> _Try it_
Whenever a line in the records below holds the string "ground", copy it out.
=== Task material ===
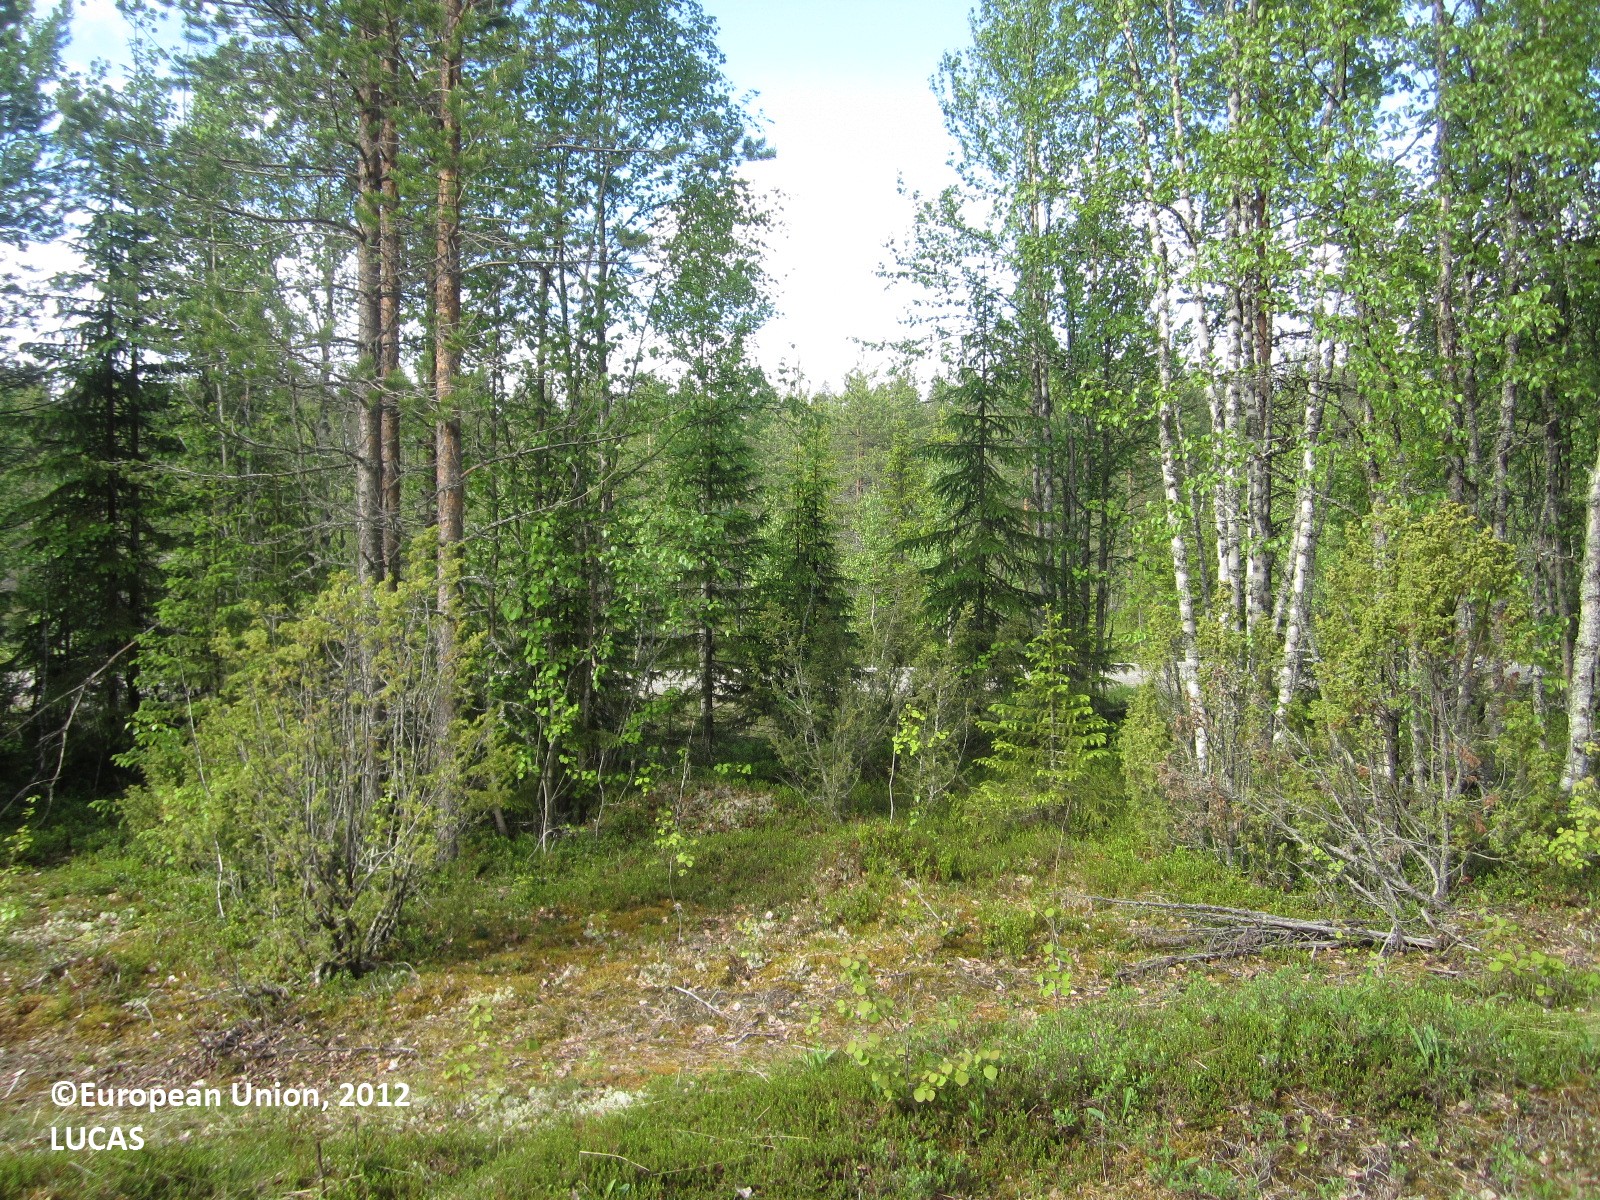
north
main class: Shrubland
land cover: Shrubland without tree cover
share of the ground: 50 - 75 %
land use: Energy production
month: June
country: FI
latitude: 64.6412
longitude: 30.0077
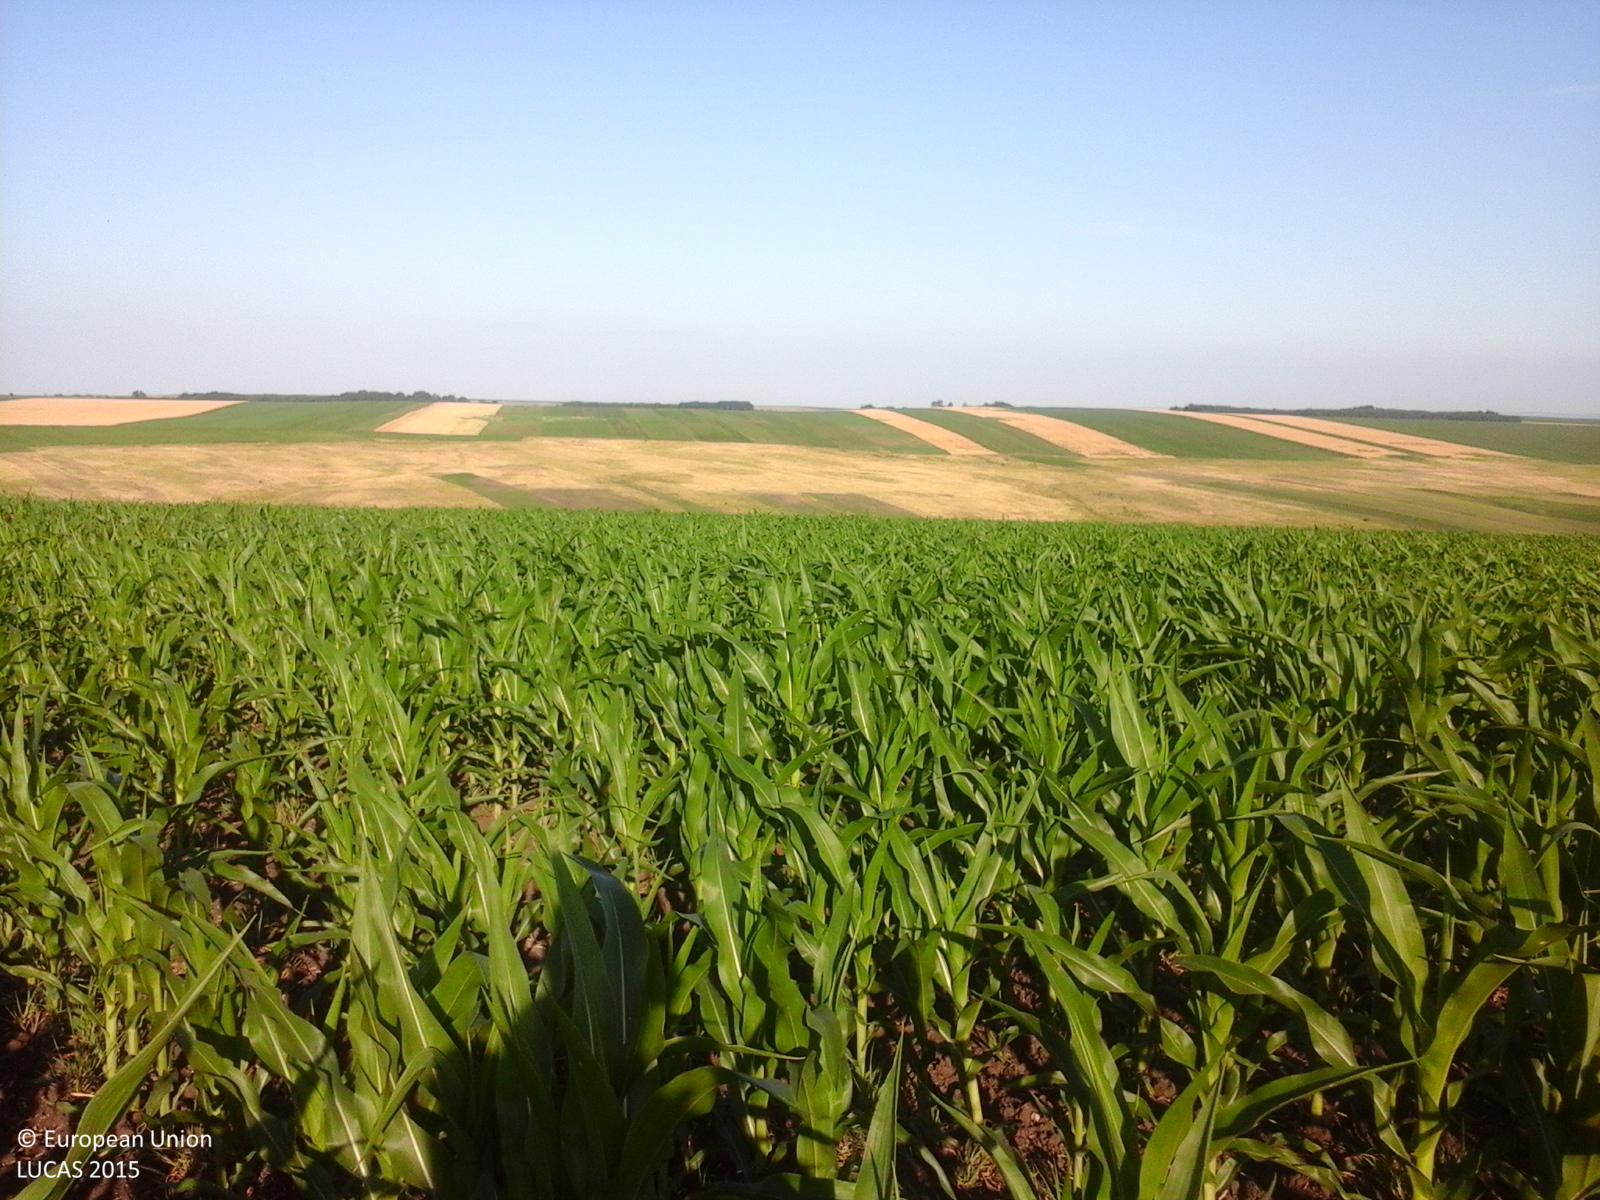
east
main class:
===
=== Task material ===
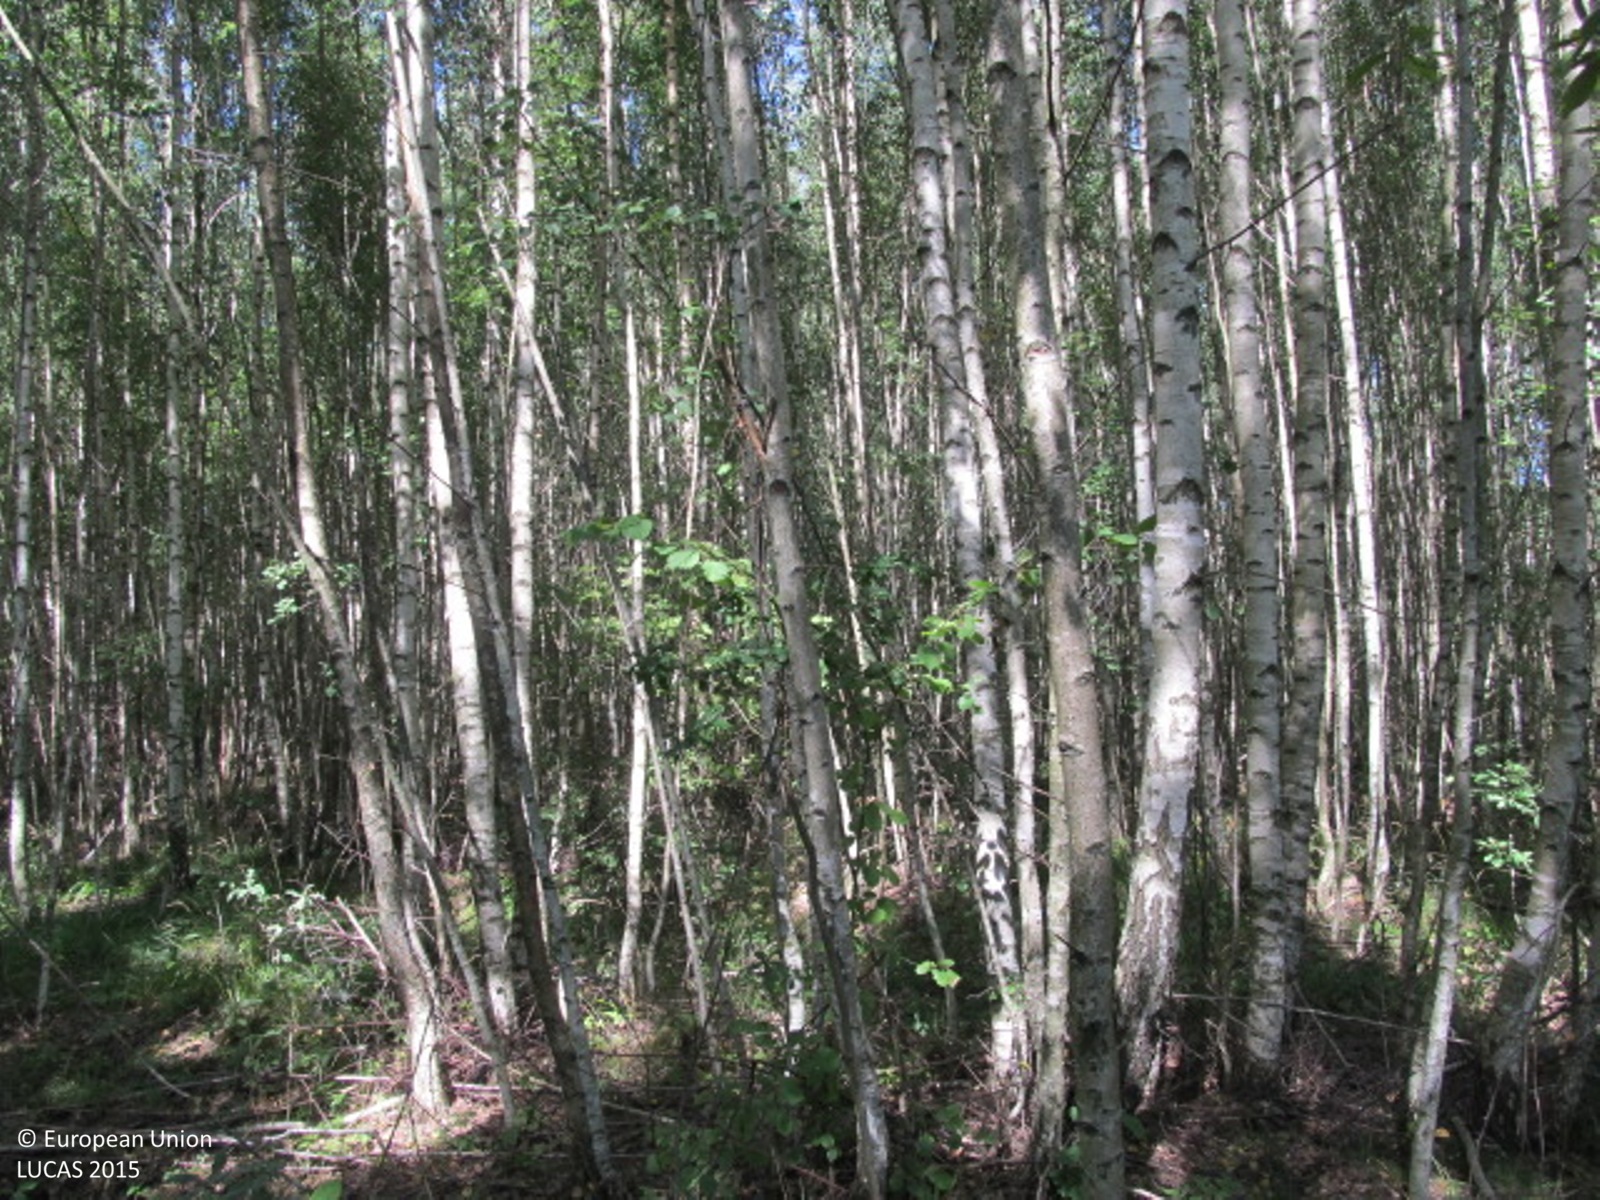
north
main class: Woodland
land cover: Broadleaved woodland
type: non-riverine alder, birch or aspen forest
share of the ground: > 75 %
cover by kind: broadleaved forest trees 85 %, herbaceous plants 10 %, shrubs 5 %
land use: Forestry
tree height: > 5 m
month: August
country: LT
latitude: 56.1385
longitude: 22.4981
===
> _Response area_
share of the ground: 50 - 75 %
share of the ground: > 75 %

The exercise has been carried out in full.